The severe downturn in the crypto market appears to be part of a broader flight to safety, triggered by disappointing economic data. A worse-than-expected unemployment report on Friday marked the beginning of a technical recession, as defined by the Sahm Rule. This rule identifies a recession when the three-month average unemployment rate rises by at least half a percentage point from its lowest point in the past year.

Friday’s figures met this threshold, signaling an abrupt economic downshift. Consequently, investors sought safer assets, leading to declines in major stock indices: the S&P 500 dropped 2%, the Nasdaq 2.5%, and the Dow 1.5%. This trend continued into Monday with further sell-offs overseas.

The crypto market’s rapid decline raises questions about its role as either a speculative asset or a hedge against inflation and recession. Despite hopes that crypto could act as a risk hedge, the recent crash suggests it remains a speculative investment.

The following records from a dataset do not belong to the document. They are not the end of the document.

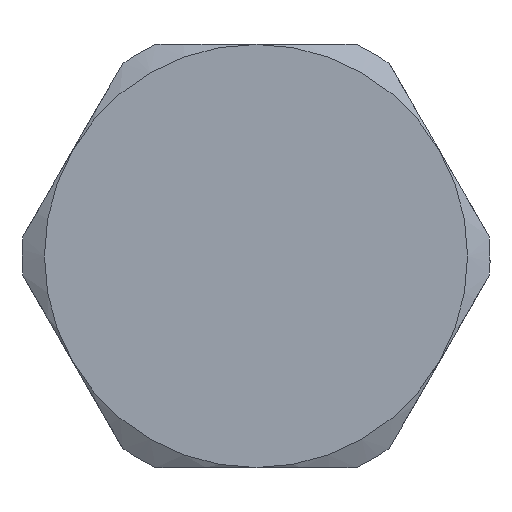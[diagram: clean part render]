
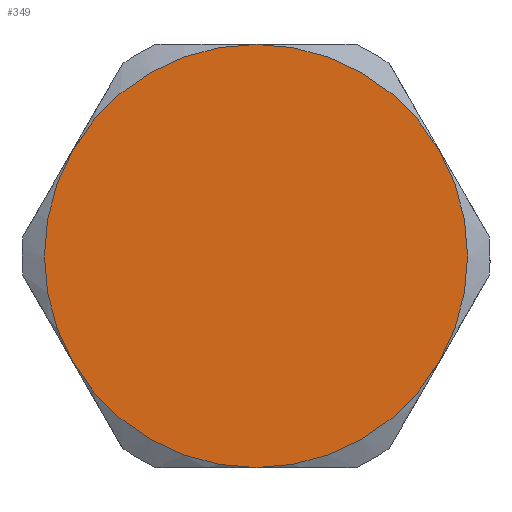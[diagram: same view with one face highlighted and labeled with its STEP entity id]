
A CAD part, front view. The second image highlights one B-rep face of the part: STEP entity #349.
In plain terms, the highlighted planar face has unit normal (0, -1, 0).
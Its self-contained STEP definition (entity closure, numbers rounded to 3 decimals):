
#124 = EDGE_CURVE ( 'NONE', #285, #284, #845, .T. ) ;
#128 = EDGE_CURVE ( 'NONE', #281, #285, #843, .T. ) ;
#132 = EDGE_CURVE ( 'NONE', #278, #281, #840, .T. ) ;
#136 = EDGE_CURVE ( 'NONE', #275, #278, #834, .T. ) ;
#140 = EDGE_CURVE ( 'NONE', #284, #272, #832, .T. ) ;
#142 = EDGE_CURVE ( 'NONE', #272, #275, #854, .T. ) ;
#173 = ORIENTED_EDGE ( 'NONE', *, *, #124, .T. ) ;
#209 = ORIENTED_EDGE ( 'NONE', *, *, #136, .T. ) ;
#214 = ORIENTED_EDGE ( 'NONE', *, *, #140, .T. ) ;
#219 = ORIENTED_EDGE ( 'NONE', *, *, #132, .T. ) ;
#220 = ORIENTED_EDGE ( 'NONE', *, *, #128, .T. ) ;
#255 = EDGE_LOOP ( 'NONE', ( #214, #334, #209, #219, #220, #173 ) ) ;
#272 = VERTEX_POINT ( 'NONE', #607 ) ;
#275 = VERTEX_POINT ( 'NONE', #610 ) ;
#278 = VERTEX_POINT ( 'NONE', #613 ) ;
#281 = VERTEX_POINT ( 'NONE', #616 ) ;
#284 = VERTEX_POINT ( 'NONE', #619 ) ;
#285 = VERTEX_POINT ( 'NONE', #620 ) ;
#334 = ORIENTED_EDGE ( 'NONE', *, *, #142, .T. ) ;
#349 = ADVANCED_FACE ( 'NONE', ( #838 ), #652, .T. ) ;
#394 = AXIS2_PLACEMENT_3D ( 'NONE', #498, #499, #500 ) ;
#396 = AXIS2_PLACEMENT_3D ( 'NONE', #517, #518, #519 ) ;
#398 = AXIS2_PLACEMENT_3D ( 'NONE', #535, #536, #537 ) ;
#400 = AXIS2_PLACEMENT_3D ( 'NONE', #555, #556, #557 ) ;
#402 = AXIS2_PLACEMENT_3D ( 'NONE', #573, #574, #575 ) ;
#403 = AXIS2_PLACEMENT_3D ( 'NONE', #584, #585, #586 ) ;
#412 = AXIS2_PLACEMENT_3D ( 'NONE', #654, #659, #660 ) ;
#498 = CARTESIAN_POINT ( 'NONE',  ( 0., 0., 0. ) ) ;
#499 = DIRECTION ( 'NONE',  ( 0., -1., 0. ) ) ;
#500 = DIRECTION ( 'NONE',  ( 0., 0., -1. ) ) ;
#517 = CARTESIAN_POINT ( 'NONE',  ( 0., 0., 0. ) ) ;
#518 = DIRECTION ( 'NONE',  ( 0., -1., 0. ) ) ;
#519 = DIRECTION ( 'NONE',  ( 0., 0., -1. ) ) ;
#535 = CARTESIAN_POINT ( 'NONE',  ( 0., 0., 0. ) ) ;
#536 = DIRECTION ( 'NONE',  ( 0., -1., 0. ) ) ;
#537 = DIRECTION ( 'NONE',  ( 0., 0., -1. ) ) ;
#555 = CARTESIAN_POINT ( 'NONE',  ( 0., 0., 0. ) ) ;
#556 = DIRECTION ( 'NONE',  ( 0., -1., 0. ) ) ;
#557 = DIRECTION ( 'NONE',  ( 0., 0., -1. ) ) ;
#573 = CARTESIAN_POINT ( 'NONE',  ( 0., 0., 0. ) ) ;
#574 = DIRECTION ( 'NONE',  ( 0., -1., 0. ) ) ;
#575 = DIRECTION ( 'NONE',  ( 0., 0., -1. ) ) ;
#584 = CARTESIAN_POINT ( 'NONE',  ( 0., 0., 0. ) ) ;
#585 = DIRECTION ( 'NONE',  ( 0., -1., 0. ) ) ;
#586 = DIRECTION ( 'NONE',  ( 0., 0., -1. ) ) ;
#607 = CARTESIAN_POINT ( 'NONE',  ( 6.928, 0., -4. ) ) ;
#610 = CARTESIAN_POINT ( 'NONE',  ( 6.928, 0., 4. ) ) ;
#613 = CARTESIAN_POINT ( 'NONE',  ( 0., 0., 8. ) ) ;
#616 = CARTESIAN_POINT ( 'NONE',  ( -6.928, 0., 4. ) ) ;
#619 = CARTESIAN_POINT ( 'NONE',  ( 0., 0., -8. ) ) ;
#620 = CARTESIAN_POINT ( 'NONE',  ( -6.928, 0., -4. ) ) ;
#652 = PLANE ( 'NONE',  #412 ) ;
#654 = CARTESIAN_POINT ( 'NONE',  ( 0., 0., 0. ) ) ;
#659 = DIRECTION ( 'NONE',  ( 0., -1., 0. ) ) ;
#660 = DIRECTION ( 'NONE',  ( 0., 0., -1. ) ) ;
#832 = CIRCLE ( 'NONE', #402, 8. ) ;
#834 = CIRCLE ( 'NONE', #400, 8. ) ;
#838 = FACE_OUTER_BOUND ( 'NONE', #255, .T. ) ;
#840 = CIRCLE ( 'NONE', #398, 8. ) ;
#843 = CIRCLE ( 'NONE', #396, 8. ) ;
#845 = CIRCLE ( 'NONE', #394, 8. ) ;
#854 = CIRCLE ( 'NONE', #403, 8. ) ;

Since the downturn, the crypto market has seen its largest three-day sell-off in nearly a year, losing over $500 billion in market value. According to CoinGlass data, this bloodbath wiped out more than $1 billion in leveraged positions within the last 24 hours, including $365 million in Bitcoin and $348 million in Ether.

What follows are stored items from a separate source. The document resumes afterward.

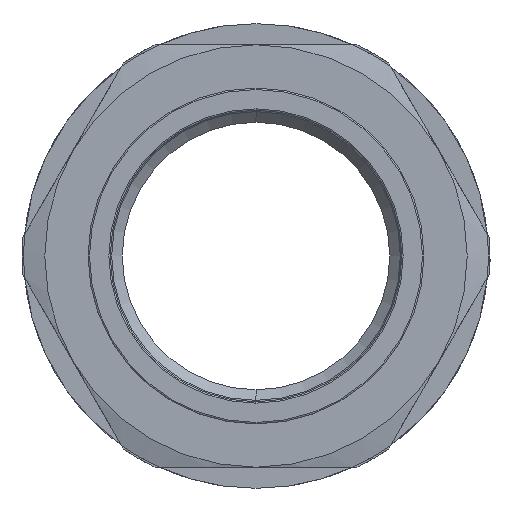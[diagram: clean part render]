
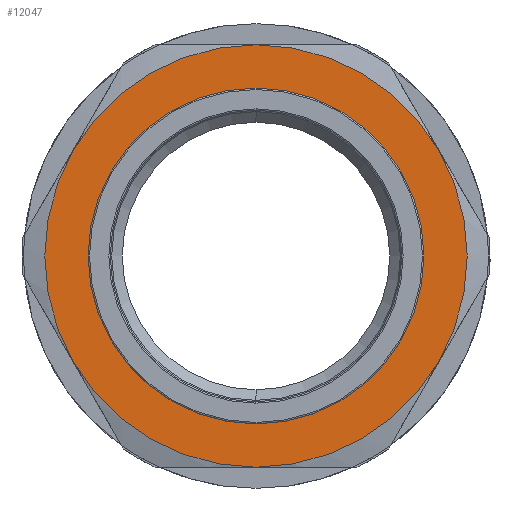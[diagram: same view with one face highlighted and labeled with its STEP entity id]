
A CAD part, front view. The second image highlights one B-rep face of the part: STEP entity #12047.
In plain terms, the highlighted planar face has unit normal (0, -1, 0).
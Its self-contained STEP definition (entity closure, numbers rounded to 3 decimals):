
#23 = DIRECTION ( 'NONE',  ( 0., 1., 0. ) ) ;
#116 = CARTESIAN_POINT ( 'NONE',  ( 0., -35.6, 0. ) ) ;
#188 = DIRECTION ( 'NONE',  ( 0., 1., 0. ) ) ;
#572 = CARTESIAN_POINT ( 'NONE',  ( 0., -35.6, -23.85 ) ) ;
#617 = VERTEX_POINT ( 'NONE', #800 ) ;
#800 = CARTESIAN_POINT ( 'NONE',  ( -25.981, -35.6, -15. ) ) ;
#1544 = EDGE_CURVE ( 'NONE', #11098, #13995, #14454, .T. ) ;
#2818 = CARTESIAN_POINT ( 'NONE',  ( 0., -35.6, 0. ) ) ;
#2863 = CIRCLE ( 'NONE', #13145, 30. ) ;
#3112 = ORIENTED_EDGE ( 'NONE', *, *, #15993, .F. ) ;
#3209 = ORIENTED_EDGE ( 'NONE', *, *, #8964, .F. ) ;
#3511 = ORIENTED_EDGE ( 'NONE', *, *, #8837, .F. ) ;
#4010 = CARTESIAN_POINT ( 'NONE',  ( 0., -35.6, 0. ) ) ;
#4098 = DIRECTION ( 'NONE',  ( 0., 0., -1. ) ) ;
#4202 = DIRECTION ( 'NONE',  ( 0., 0., 1. ) ) ;
#4274 = ORIENTED_EDGE ( 'NONE', *, *, #9478, .T. ) ;
#4308 = CIRCLE ( 'NONE', #9047, 30. ) ;
#4375 = CIRCLE ( 'NONE', #4953, 30. ) ;
#4939 = ORIENTED_EDGE ( 'NONE', *, *, #1544, .F. ) ;
#4953 = AXIS2_PLACEMENT_3D ( 'NONE', #4010, #13103, #4202 ) ;
#5496 = DIRECTION ( 'NONE',  ( 0., 1., 0. ) ) ;
#5554 = DIRECTION ( 'NONE',  ( 0., 0., 1. ) ) ;
#5615 = EDGE_CURVE ( 'NONE', #617, #11098, #9958, .T. ) ;
#5650 = DIRECTION ( 'NONE',  ( 0., 1., 0. ) ) ;
#5846 = FACE_BOUND ( 'NONE', #14257, .T. ) ;
#5855 = AXIS2_PLACEMENT_3D ( 'NONE', #15664, #188, #17037 ) ;
#6097 = AXIS2_PLACEMENT_3D ( 'NONE', #16718, #5496, #8378 ) ;
#6799 = VERTEX_POINT ( 'NONE', #16560 ) ;
#6870 = DIRECTION ( 'NONE',  ( 0., 1., 0. ) ) ;
#6944 = VERTEX_POINT ( 'NONE', #9892 ) ;
#6959 = FACE_OUTER_BOUND ( 'NONE', #8965, .T. ) ;
#7064 = CARTESIAN_POINT ( 'NONE',  ( 0., -35.6, 0. ) ) ;
#7292 = DIRECTION ( 'NONE',  ( 0., 1., 0. ) ) ;
#7987 = ORIENTED_EDGE ( 'NONE', *, *, #5615, .F. ) ;
#8378 = DIRECTION ( 'NONE',  ( 0., 0., 1. ) ) ;
#8552 = DIRECTION ( 'NONE',  ( 0., 0., 1. ) ) ;
#8781 = VERTEX_POINT ( 'NONE', #17997 ) ;
#8837 = EDGE_CURVE ( 'NONE', #8781, #6799, #12893, .T. ) ;
#8897 = AXIS2_PLACEMENT_3D ( 'NONE', #11903, #7292, #12253 ) ;
#8964 = EDGE_CURVE ( 'NONE', #18159, #8781, #4375, .T. ) ;
#8965 = EDGE_LOOP ( 'NONE', ( #11878, #3511, #3209, #3112, #4939, #7987 ) ) ;
#9047 = AXIS2_PLACEMENT_3D ( 'NONE', #10346, #15915, #17563 ) ;
#9111 = AXIS2_PLACEMENT_3D ( 'NONE', #16682, #5650, #9925 ) ;
#9478 = EDGE_CURVE ( 'NONE', #6944, #11224, #15544, .T. ) ;
#9892 = CARTESIAN_POINT ( 'NONE',  ( 0., -35.6, 23.85 ) ) ;
#9925 = DIRECTION ( 'NONE',  ( 0., 0., -1. ) ) ;
#9958 = CIRCLE ( 'NONE', #6097, 30. ) ;
#9968 = EDGE_CURVE ( 'NONE', #11224, #6944, #10014, .T. ) ;
#10014 = CIRCLE ( 'NONE', #5855, 23.85 ) ;
#10346 = CARTESIAN_POINT ( 'NONE',  ( 0., -35.6, 0. ) ) ;
#11098 = VERTEX_POINT ( 'NONE', #13565 ) ;
#11224 = VERTEX_POINT ( 'NONE', #572 ) ;
#11628 = ORIENTED_EDGE ( 'NONE', *, *, #9968, .T. ) ;
#11878 = ORIENTED_EDGE ( 'NONE', *, *, #18051, .F. ) ;
#11903 = CARTESIAN_POINT ( 'NONE',  ( 0., -35.6, 0. ) ) ;
#12047 = ADVANCED_FACE ( 'NONE', ( #5846, #6959 ), #15416, .T. ) ;
#12253 = DIRECTION ( 'NONE',  ( 0., 0., 1. ) ) ;
#12893 = CIRCLE ( 'NONE', #17591, 30. ) ;
#12898 = AXIS2_PLACEMENT_3D ( 'NONE', #2818, #15513, #4098 ) ;
#13103 = DIRECTION ( 'NONE',  ( 0., 1., 0. ) ) ;
#13145 = AXIS2_PLACEMENT_3D ( 'NONE', #116, #23, #5554 ) ;
#13426 = CARTESIAN_POINT ( 'NONE',  ( 25.981, -35.6, 15. ) ) ;
#13565 = CARTESIAN_POINT ( 'NONE',  ( -25.981, -35.6, 15. ) ) ;
#13995 = VERTEX_POINT ( 'NONE', #16647 ) ;
#14257 = EDGE_LOOP ( 'NONE', ( #11628, #4274 ) ) ;
#14454 = CIRCLE ( 'NONE', #8897, 30. ) ;
#15416 = PLANE ( 'NONE',  #12898 ) ;
#15513 = DIRECTION ( 'NONE',  ( 0., -1., 0. ) ) ;
#15544 = CIRCLE ( 'NONE', #9111, 23.85 ) ;
#15664 = CARTESIAN_POINT ( 'NONE',  ( 0., -35.6, 0. ) ) ;
#15915 = DIRECTION ( 'NONE',  ( 0., 1., 0. ) ) ;
#15993 = EDGE_CURVE ( 'NONE', #13995, #18159, #2863, .T. ) ;
#16560 = CARTESIAN_POINT ( 'NONE',  ( 0., -35.6, -30. ) ) ;
#16647 = CARTESIAN_POINT ( 'NONE',  ( 0., -35.6, 30. ) ) ;
#16682 = CARTESIAN_POINT ( 'NONE',  ( 0., -35.6, 0. ) ) ;
#16718 = CARTESIAN_POINT ( 'NONE',  ( 0., -35.6, 0. ) ) ;
#17037 = DIRECTION ( 'NONE',  ( 0., 0., -1. ) ) ;
#17563 = DIRECTION ( 'NONE',  ( 0., 0., 1. ) ) ;
#17591 = AXIS2_PLACEMENT_3D ( 'NONE', #7064, #6870, #8552 ) ;
#17997 = CARTESIAN_POINT ( 'NONE',  ( 25.981, -35.6, -15. ) ) ;
#18051 = EDGE_CURVE ( 'NONE', #6799, #617, #4308, .T. ) ;
#18159 = VERTEX_POINT ( 'NONE', #13426 ) ;

Khushboo Khullar of Lightning Ventures, speaking to Bloomberg, argued that the crypto sell-off is part of a broader liquidity panic as traders rush to cover margin calls. Khullar views this as a temporary sell-off, presenting a potential buying opportunity.

Josh Gilbert, an eToro market analyst, supports Khullar’s perspective, suggesting that the expected Federal Reserve rate cuts could benefit crypto assets. “Crypto assets have sold off, but many investors will see an opportunity. We see Federal Reserve rate cuts, which are now likely to come sharper than expected, as hugely positive for crypto assets,” Gilbert told Coindesk.

Despite the recent volatility, crypto continues to make strides toward mainstream acceptance. Notably, Morgan Stanley will allow its advisors to offer Bitcoin ETFs starting Wednesday. This follows more than half a year after the introduction of the first Bitcoin ETF. The investment bank will enable over 15,000 of its financial advisors to sell BlackRock’s IBIT and Fidelity’s FBTC. This move is seen as a significant step toward the “mainstreamization” of crypto, given the lengthy regulatory and company processes in major investment banks.

The recent crypto market downturn highlights its volatility and the broader economic concerns affecting all risk assets. While some analysts see the current situation as a temporary sell-off and a buying opportunity, others caution against the speculative nature of crypto. As the market evolves, its role as a mainstream alternative asset continues to grow, marked by increasing institutional acceptance and new investment opportunities.